A new paper from U.K. researchers makes what is, to most, a startling assertion: Alzheimer’s disease can apparently be transmitted, in extremely rare and limited circumstances.

Five people—now middle-aged adults—appear to have contracted the disease from medical procedures in the late 1950s through mid-1980s. The growth-hormone deficient individuals, then children, received donor hormone from cadavers whose brains apparently contained infectious, misfolded proteins that lead to often-fatal neurodegenerative disease.

Some of the 1,848 patients who received cadaver hormone developed Creutzfeldt-Jakob disease (CJD), a rare but always fatal brain disorder caused by a type of prion known as PrP-amyloid plaques. Researchers eventually realized that some such patients had also developed shockingly early deposits of misfolded amyloid-beta plaques, which help fuel Alzheimer’s disease. 

Suspicious of the cadaver hormone, researchers injected it—which had been stored for decades—into the brains of mice. Not surprisingly, the mice also developed amyloid-beta plaques in their brains. Eventually, they suggested, cadaver growth-hormone recipients who didn’t contract fatal CJD caused by one type of misfolded protein might eventually develop Alzheimer’s disease, caused by another.

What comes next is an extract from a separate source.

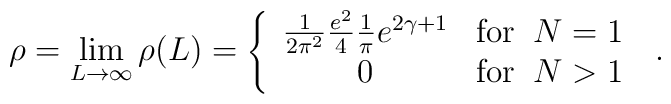
\rho = \lim_{L \rightarrow \infty} \rho(L) =\left\{ \begin{array}{cr}\frac{1}{2\pi^2} \frac{e^2}{4}\frac{1}{\pi}e^{2\gamma +1} & \mbox{for}\;\; N = 1 \\0 & \mbox{for}\;\; N > 1\end{array} \right. \; .

Some patients eventually did, at an unusually young age—between 39 and 55, suggesting that they didn’t acquire sporadic cases of the disease that tend to develop in old age. Genetic sequencing failed to reveal genetic errors known to predisposed patients to the disorder. It’s assumed they developed the disease from the contaminated growth hormone, making the case for the transmissibility of what has long been considered a chronic but non-infectious disease.

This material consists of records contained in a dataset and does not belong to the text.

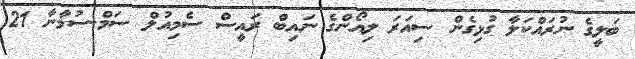
ބަލީގެ ނުރައްކަލާ ގުޅިގެން ސިއަރަ ލިއޯންގެ ނައިބް ރައީސް ސެމިއުލް ސަމް-ސުމާނާ 21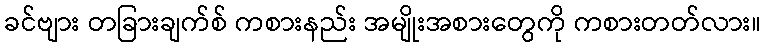
ခင်ဗျား တခြားချက်စ် ကစားနည်း အမျိုးအစားတွေကို ကစားတတ်လား။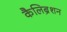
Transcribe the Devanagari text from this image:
कैलिब्रेशन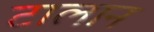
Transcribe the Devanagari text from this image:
टालान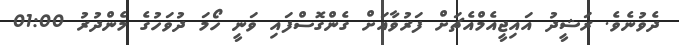
ދެވުނެވެ. ރަޝީދު އައިޖީއެމްއެޗަށް ފަރުވާއަށް ގެންގޮސްފައި ވަނީ ހޯމަ ދުވަހުގެ މެންދުރު 01:00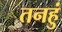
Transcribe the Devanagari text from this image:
तनहुं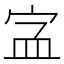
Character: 𡧾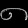
Digit: ၈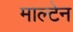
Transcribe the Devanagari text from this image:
माल्टेन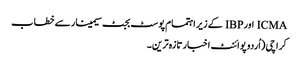
ICMA اورIBP کے زیر اہتمام پوسٹ بجٹ سیمینار سے خطاب
کراچی (اُردو پوائنٹ اخبارتازہ ترین۔

Similar diseases, similar causes

The new study, published this week in Nature Medicine, highlights a divisive discussion among doctors. Rare neurodegenerative diseases involving the initially identified type of misfolded protein, PrP-amyloid plaques—like the so-called “mad cow disease” in cows, “chronic wasting disease” in deer, and CJD in humans—are called prion diseases.

Should other misfolded proteins—like amyloid-beta plaques and tau tangles, which fuel Alzheimer’s disease—be considered prions too? And if so, aren’t those diseases prion diseases as well?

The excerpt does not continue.